◆ **Task objective**:
For each line of the listing that contains "background", make a copy and return it.

··· Supplied data

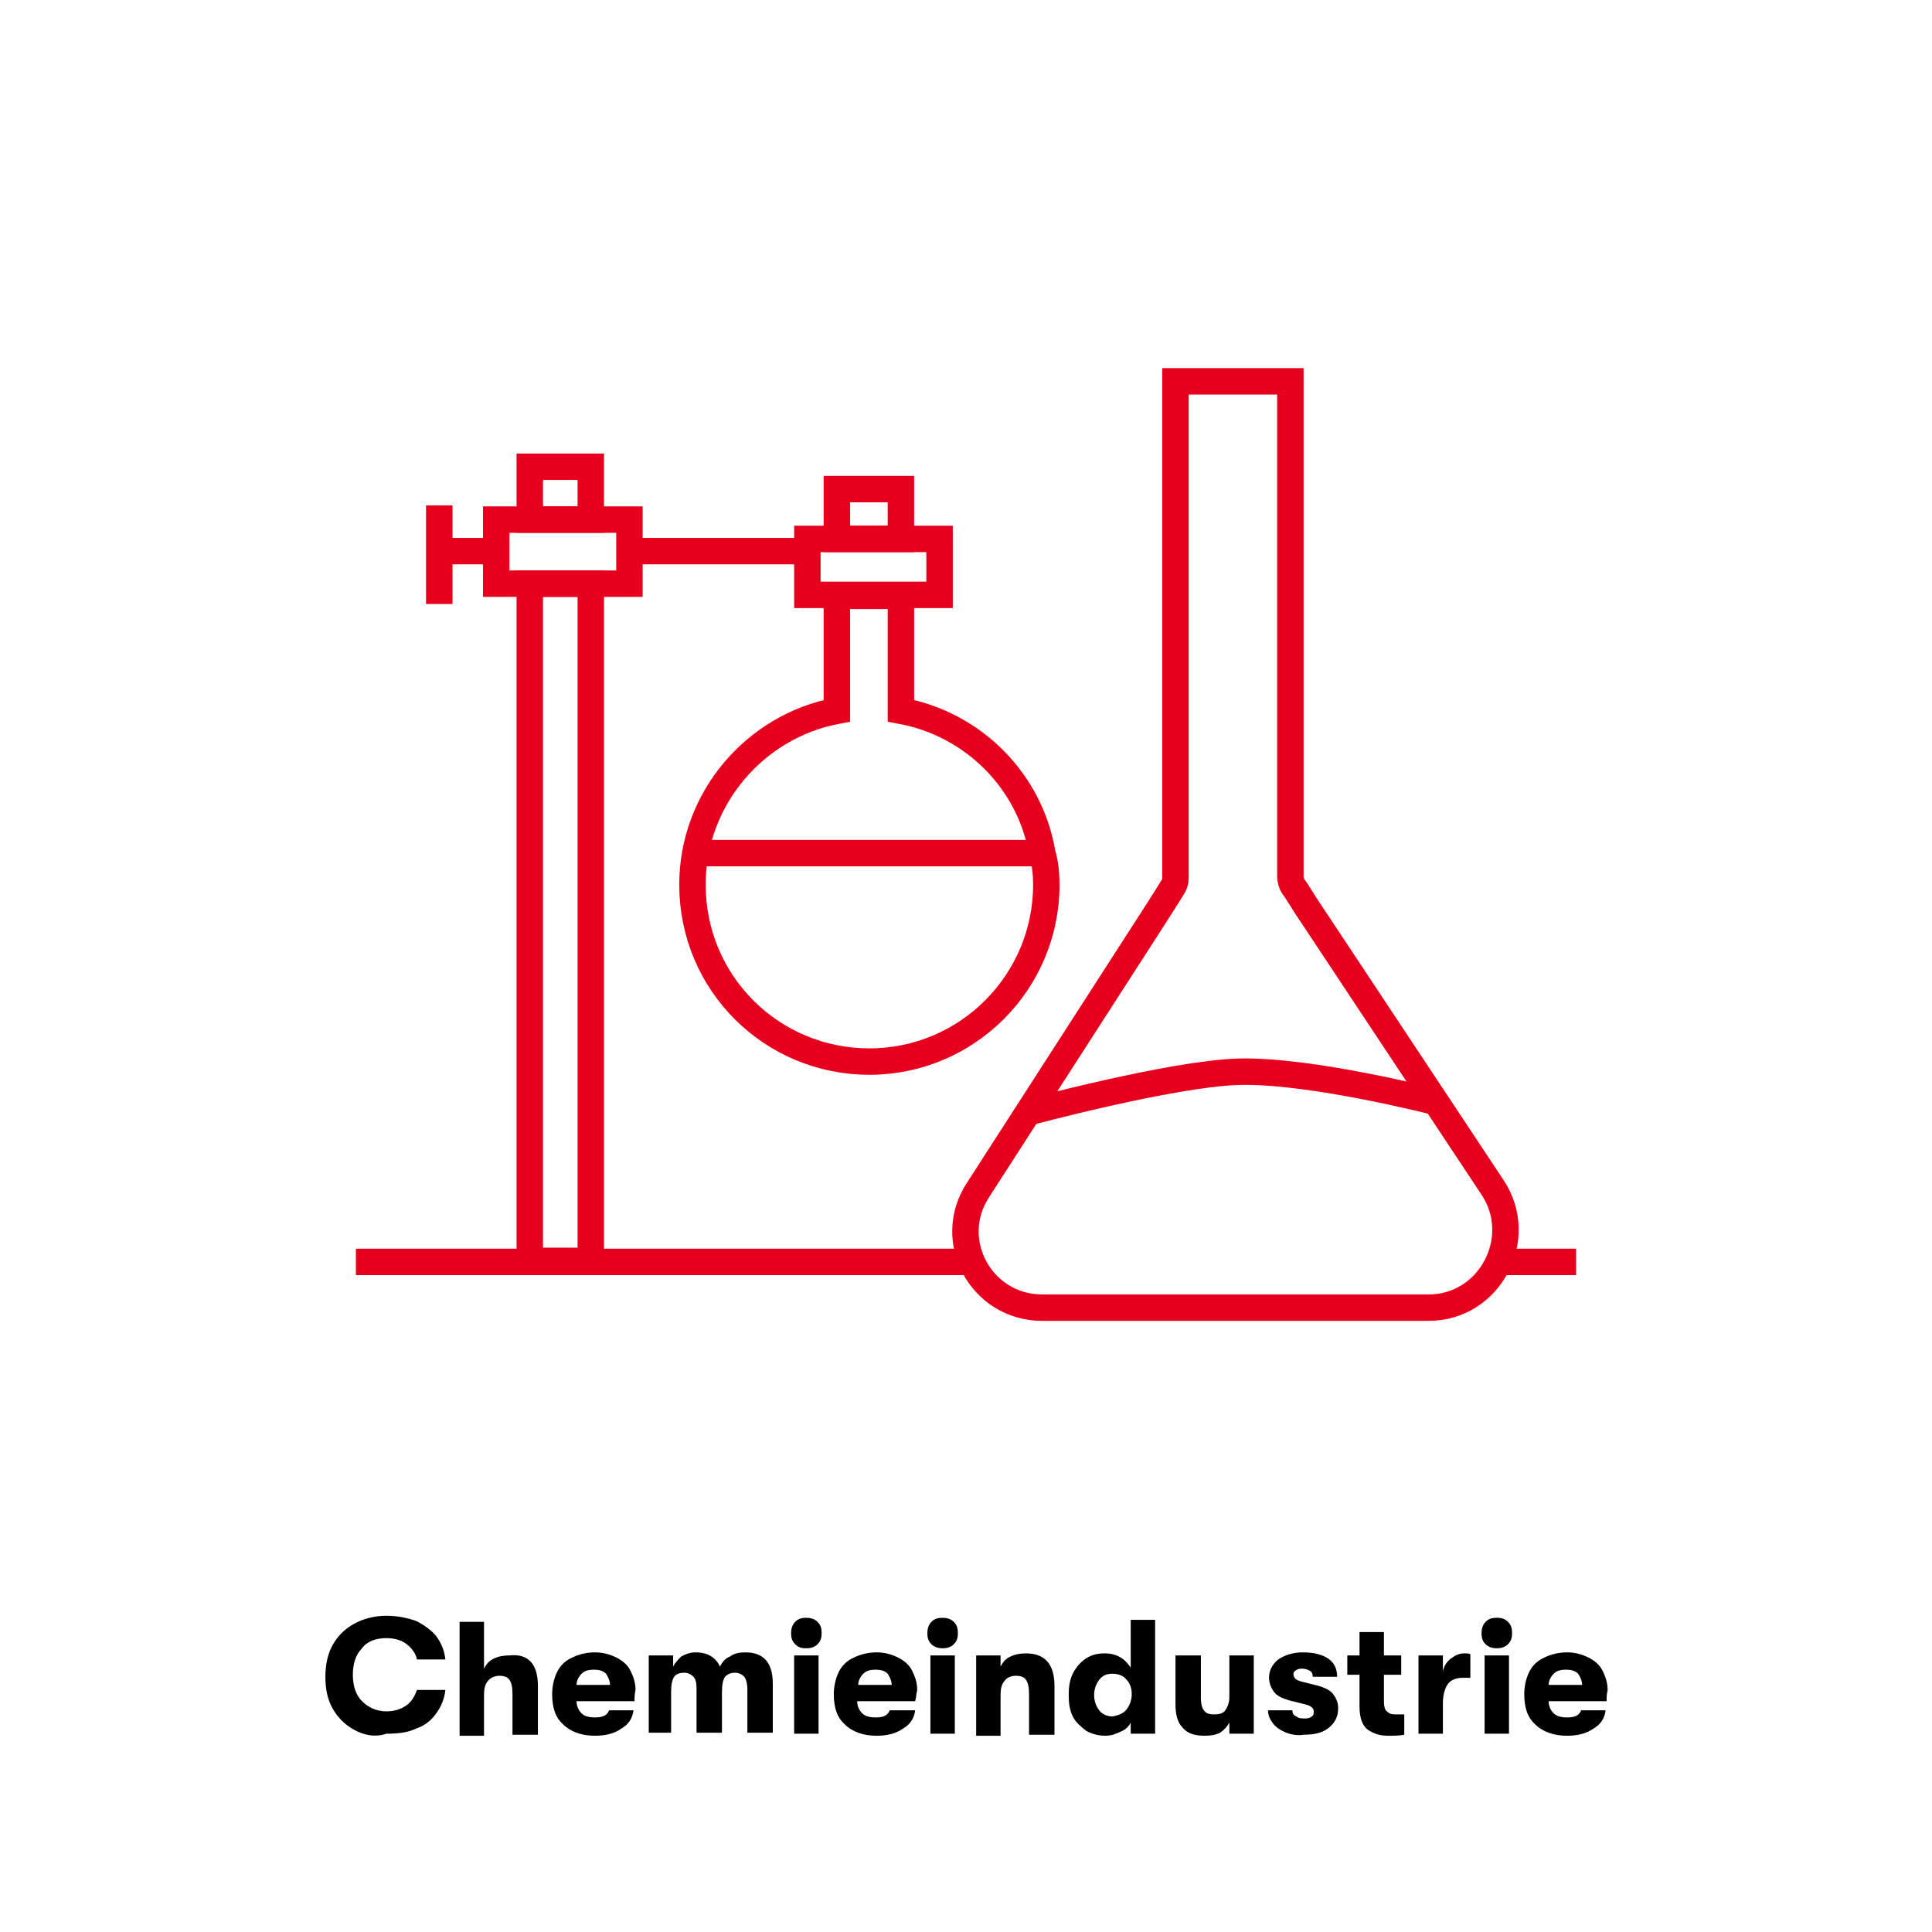 <?xml version="1.0" encoding="utf-8"?>
<!-- Generator: Adobe Illustrator 26.5.0, SVG Export Plug-In . SVG Version: 6.00 Build 0)  -->
<svg version="1.1" id="Ebene_1" xmlns="http://www.w3.org/2000/svg" xmlns:xlink="http://www.w3.org/1999/xlink" x="0px" y="0px"
	 viewBox="0 0 190 190" style="enable-background:new 0 0 190 190;" xml:space="preserve">
<style type="text/css">
	.st0{enable-background:new    ;}
	.st1{fill:none;stroke:#E6001E;stroke-width:2.6;}
</style>
<g class="st0">
	<path d="M34.8,170.1c-0.9-0.5-1.6-1.2-2.1-2.1s-0.7-1.9-0.7-3.1c0-1.1,0.2-2.2,0.7-3.1s1.2-1.6,2.1-2.1c0.9-0.5,2-0.8,3.2-0.8
		c1.1,0,2,0.2,2.9,0.5c0.8,0.4,1.5,0.9,2,1.5c0.5,0.7,0.8,1.4,0.9,2.3h-2.8c-0.1-0.6-0.5-1.1-1-1.5s-1.2-0.6-2-0.6
		c-1,0-1.9,0.3-2.4,1c-0.6,0.6-0.9,1.5-0.9,2.6s0.3,2,0.9,2.6c0.6,0.6,1.4,1,2.4,1c0.8,0,1.4-0.2,2-0.6c0.5-0.4,0.8-0.9,1-1.5h2.8
		c-0.1,0.9-0.4,1.6-0.9,2.3c-0.5,0.7-1.1,1.2-2,1.5c-0.8,0.4-1.8,0.5-2.9,0.5C36.8,170.9,35.7,170.6,34.8,170.1z"/>
	<path d="M52.9,165.8v4.8h-2.5v-4c0-0.7-0.1-1.1-0.3-1.4s-0.6-0.4-1-0.4s-0.9,0.2-1.1,0.5c-0.3,0.3-0.4,0.8-0.4,1.4v4h-2.4v-11.2
		h2.4v4.6c0.2-0.4,0.5-0.8,1-1c0.4-0.2,0.9-0.3,1.5-0.3C52,162.6,52.9,163.7,52.9,165.8z"/>
	<path d="M62.4,167.3h-5.7c0,0.5,0.2,0.9,0.5,1.2c0.3,0.3,0.8,0.4,1.3,0.4c0.8,0,1.2-0.2,1.4-0.7h2.4c-0.1,0.8-0.5,1.4-1.2,1.8
		c-0.7,0.5-1.6,0.7-2.6,0.7c-1.3,0-2.4-0.4-3.1-1.1c-0.8-0.7-1.1-1.7-1.1-3c0-0.8,0.2-1.6,0.5-2.2c0.3-0.6,0.8-1.1,1.5-1.4
		c0.6-0.3,1.4-0.5,2.2-0.5c0.8,0,1.5,0.2,2.1,0.5c0.6,0.3,1.1,0.7,1.4,1.3s0.5,1.2,0.5,1.9C62.4,166.6,62.4,167,62.4,167.3z
		 M60,165.8c0-0.5-0.2-0.9-0.4-1.2c-0.3-0.3-0.7-0.4-1.2-0.4s-0.9,0.1-1.2,0.4c-0.3,0.3-0.5,0.7-0.5,1.1H60z"/>
	<path d="M63.8,170.5v-7.7h2.4v1.1c0.2-0.4,0.5-0.7,0.8-1c0.4-0.2,0.8-0.4,1.4-0.4c1.2,0,2,0.5,2.4,1.4c0.2-0.4,0.5-0.8,1-1
		c0.4-0.3,0.9-0.4,1.5-0.4c1.8,0,2.7,1,2.7,3.1v4.8h-2.5v-4.3c0-0.5-0.1-0.9-0.3-1.2c-0.2-0.2-0.5-0.4-0.9-0.4c-0.4,0-0.7,0.1-1,0.4
		c-0.2,0.3-0.3,0.8-0.3,1.5v4h-2.5v-4.4c0-0.5-0.1-0.9-0.3-1.1c-0.2-0.2-0.5-0.4-0.9-0.4c-0.4,0-0.8,0.1-1,0.4
		c-0.2,0.3-0.3,0.8-0.3,1.5v4H63.8z"/>
	<path d="M78.2,161.7c-0.3-0.3-0.4-0.6-0.4-1.1c0-0.4,0.1-0.8,0.4-1.1c0.3-0.3,0.6-0.4,1.1-0.4c0.4,0,0.8,0.1,1.1,0.4
		c0.3,0.3,0.4,0.6,0.4,1.1s-0.1,0.8-0.4,1.1s-0.7,0.4-1.1,0.4C78.8,162.1,78.5,162,78.2,161.7z M80.5,170.5h-2.4v-7.7h2.4V170.5z"/>
	<path d="M90,167.3h-5.7c0,0.5,0.2,0.9,0.5,1.2c0.3,0.3,0.8,0.4,1.3,0.4c0.8,0,1.2-0.2,1.4-0.7H90c-0.1,0.8-0.5,1.4-1.2,1.8
		c-0.7,0.5-1.6,0.7-2.6,0.7c-1.3,0-2.4-0.4-3.1-1.1c-0.8-0.7-1.1-1.7-1.1-3c0-0.8,0.2-1.6,0.5-2.2c0.3-0.6,0.8-1.1,1.5-1.4
		c0.6-0.3,1.4-0.5,2.2-0.5c0.8,0,1.5,0.2,2.1,0.5c0.6,0.3,1.1,0.7,1.4,1.3s0.5,1.2,0.5,1.9C90.1,166.6,90.1,167,90,167.3z
		 M87.7,165.8c0-0.5-0.2-0.9-0.4-1.2c-0.3-0.3-0.7-0.4-1.2-0.4s-0.9,0.1-1.2,0.4c-0.3,0.3-0.5,0.7-0.5,1.1H87.7z"/>
	<path d="M91.6,161.7c-0.3-0.3-0.4-0.6-0.4-1.1c0-0.4,0.1-0.8,0.4-1.1c0.3-0.3,0.6-0.4,1.1-0.4c0.4,0,0.8,0.1,1.1,0.4
		c0.3,0.3,0.4,0.6,0.4,1.1s-0.1,0.8-0.4,1.1s-0.7,0.4-1.1,0.4C92.3,162.1,91.9,162,91.6,161.7z M93.9,170.5h-2.4v-7.7h2.4V170.5z"/>
	<path d="M96,170.5v-7.7h2.4v1.1c0.2-0.4,0.5-0.8,1-1c0.4-0.2,0.9-0.3,1.5-0.3c1.9,0,2.8,1.1,2.8,3.2v4.8h-2.5v-4
		c0-0.7-0.1-1.1-0.3-1.4s-0.6-0.4-1-0.4c-0.5,0-0.9,0.2-1.1,0.5c-0.3,0.3-0.4,0.8-0.4,1.4v4H96z"/>
	<path d="M111.2,159.3h2.4v11.2h-2.4v-1.1c-0.2,0.4-0.5,0.7-1,0.9c-0.4,0.2-0.9,0.4-1.5,0.4c-0.7,0-1.4-0.2-1.9-0.5
		c-0.5-0.4-1-0.8-1.3-1.4s-0.4-1.3-0.4-2.1c0-0.8,0.1-1.5,0.4-2.1c0.3-0.6,0.7-1.1,1.3-1.5c0.6-0.4,1.2-0.5,1.9-0.5
		c0.5,0,1,0.1,1.5,0.4s0.7,0.6,1,1V159.3z M110.8,168.1c0.3-0.4,0.5-0.9,0.5-1.5c0-0.6-0.2-1.1-0.5-1.4c-0.3-0.4-0.8-0.6-1.4-0.6
		c-0.6,0-1,0.2-1.3,0.6c-0.3,0.4-0.5,0.9-0.5,1.5c0,0.6,0.2,1.1,0.5,1.5c0.3,0.4,0.8,0.6,1.3,0.6C110,168.7,110.5,168.5,110.8,168.1
		z"/>
	<path d="M116.3,169.9c-0.5-0.5-0.7-1.3-0.7-2.3v-4.8h2.5v4.2c0,0.5,0.1,1,0.3,1.2c0.2,0.3,0.5,0.4,1,0.4c0.5,0,0.9-0.1,1.1-0.4
		s0.4-0.7,0.4-1.3v-4.1h2.4v7.7h-2.4v-1.1c-0.2,0.4-0.5,0.7-0.9,1c-0.4,0.2-0.9,0.3-1.5,0.3C117.5,170.7,116.8,170.5,116.3,169.9z"
		/>
</g>
<g class="st0">
	<path d="M126.5,170.4c-0.5-0.2-1-0.5-1.3-0.9c-0.3-0.4-0.5-0.8-0.5-1.3h2.4c0,0.3,0.1,0.5,0.4,0.6c0.2,0.2,0.5,0.2,0.9,0.2
		c0.3,0,0.5-0.1,0.6-0.2c0.2-0.1,0.2-0.3,0.2-0.5c0-0.2-0.1-0.3-0.2-0.4c-0.1-0.1-0.3-0.2-0.7-0.3l-1.6-0.4
		c-0.6-0.2-1.1-0.4-1.4-0.8c-0.3-0.4-0.5-0.9-0.5-1.4c0-0.7,0.3-1.3,0.9-1.8c0.6-0.4,1.4-0.7,2.4-0.7c1.1,0,1.9,0.2,2.5,0.6
		s0.9,1,0.9,1.8h-2.4c0-0.3-0.1-0.5-0.3-0.6s-0.4-0.2-0.8-0.2c-0.3,0-0.5,0.1-0.6,0.2c-0.2,0.1-0.2,0.3-0.2,0.4s0.1,0.3,0.2,0.4
		s0.3,0.2,0.7,0.3l1.6,0.4c0.6,0.2,1.1,0.4,1.4,0.8c0.3,0.4,0.5,0.8,0.5,1.4c0,0.8-0.3,1.4-0.9,1.9c-0.6,0.5-1.4,0.7-2.5,0.7
		C127.7,170.7,127,170.6,126.5,170.4z"/>
</g>
<g class="st0">
	<path d="M138.1,168.6v2c-0.5,0.1-1,0.1-1.6,0.1c-0.8,0-1.4-0.2-2-0.6c-0.5-0.4-0.8-1.1-0.8-2.3v-3.1h-1.2v-1.9h1.2v-2.3h2.4v2.3
		h1.7v1.9h-1.7v2.6c0,0.5,0.1,0.9,0.3,1c0.2,0.2,0.4,0.3,0.8,0.3C137.6,168.6,137.8,168.6,138.1,168.6z"/>
	<path d="M139.5,170.5v-7.7h2.4v1.6c0.1-0.6,0.4-1,0.8-1.3c0.4-0.3,0.8-0.5,1.3-0.5c0.3,0,0.5,0,0.6,0.1v2.3c-0.3,0-0.5,0-0.7,0
		c-0.7,0-1.2,0.2-1.5,0.6c-0.3,0.4-0.5,1.1-0.5,1.9v3H139.5z"/>
	<path d="M146.1,161.7c-0.3-0.3-0.4-0.6-0.4-1.1c0-0.4,0.1-0.8,0.4-1.1c0.3-0.3,0.6-0.4,1.1-0.4s0.8,0.1,1.1,0.4
		c0.3,0.3,0.4,0.6,0.4,1.1s-0.1,0.8-0.4,1.1s-0.7,0.4-1.1,0.4S146.4,162,146.1,161.7z M148.4,170.5H146v-7.7h2.4V170.5z"/>
	<path d="M158,167.3h-5.7c0,0.5,0.2,0.9,0.5,1.2c0.3,0.3,0.8,0.4,1.3,0.4c0.8,0,1.2-0.2,1.4-0.7h2.4c-0.1,0.8-0.5,1.4-1.2,1.8
		c-0.7,0.5-1.6,0.7-2.6,0.7c-1.3,0-2.4-0.4-3.1-1.1c-0.8-0.7-1.1-1.7-1.1-3c0-0.8,0.2-1.6,0.5-2.2c0.3-0.6,0.8-1.1,1.5-1.4
		c0.6-0.3,1.4-0.5,2.2-0.5c0.8,0,1.5,0.2,2.1,0.5c0.6,0.3,1.1,0.7,1.4,1.3s0.5,1.2,0.5,1.9C158,166.6,158,167,158,167.3z
		 M155.6,165.8c0-0.5-0.2-0.9-0.4-1.2c-0.3-0.3-0.7-0.4-1.2-0.4s-0.9,0.1-1.2,0.4c-0.3,0.3-0.5,0.7-0.5,1.1H155.6z"/>
</g>
<g>
	<g>
		<path class="st1" d="M140.5,128.6h-38c-6,0-9.6-6.6-6.3-11.6l17.2-26.7c0.9-1.4,1.6-2.5,1.9-3c0.2-0.3,0.3-0.6,0.3-0.9V37.5h11.3
			v48.7c0,0.3,0.1,0.7,0.3,1c0.4,0.5,1,1.6,1.9,2.9l17.7,26.7C150.1,121.8,146.5,128.6,140.5,128.6L140.5,128.6z"/>
		<path class="st1" d="M101.1,109.4c0,0,14.1-3.8,20.7-4c7.1-0.2,19.5,3,19.5,3"/>
	</g>
	<g>
		<rect x="82.3" y="48.1" class="st1" width="6.3" height="4.9"/>
		<path class="st1" d="M102.9,87c0,9.6-7.8,17.4-17.4,17.4S68.1,96.7,68.1,87c0-8.5,6.2-15.6,14.2-17.1V58.6h6.3v11.3
			c7.1,1.3,12.7,6.9,13.9,14C102.8,84.9,102.9,86,102.9,87z"/>
		<rect x="48.8" y="51.1" class="st1" width="13.1" height="6.3"/>
		<rect x="52.1" y="45.9" class="st1" width="6" height="5.2"/>
		<rect x="52.1" y="57.4" class="st1" width="6" height="66.6"/>
		<g>
			<rect x="79.4" y="53" class="st1" width="13" height="5.5"/>
			<line class="st1" x1="43.2" y1="54.2" x2="48.8" y2="54.2"/>
			<line class="st1" x1="79.4" y1="54.2" x2="62" y2="54.2"/>
		</g>
		<line class="st1" x1="43.2" y1="49.7" x2="43.2" y2="59.4"/>
		<line class="st1" x1="102.6" y1="83.9" x2="69" y2="83.9"/>
	</g>
	<line class="st1" x1="95.7" y1="124.1" x2="35" y2="124.1"/>
	<line class="st1" x1="155" y1="124.1" x2="147.4" y2="124.1"/>
</g>
</svg>

······

◆ **Answer to this problem**:
	 viewBox="0 0 190 190" style="enable-background:new 0 0 190 190;" xml:space="preserve">
	.st0{enable-background:new    ;}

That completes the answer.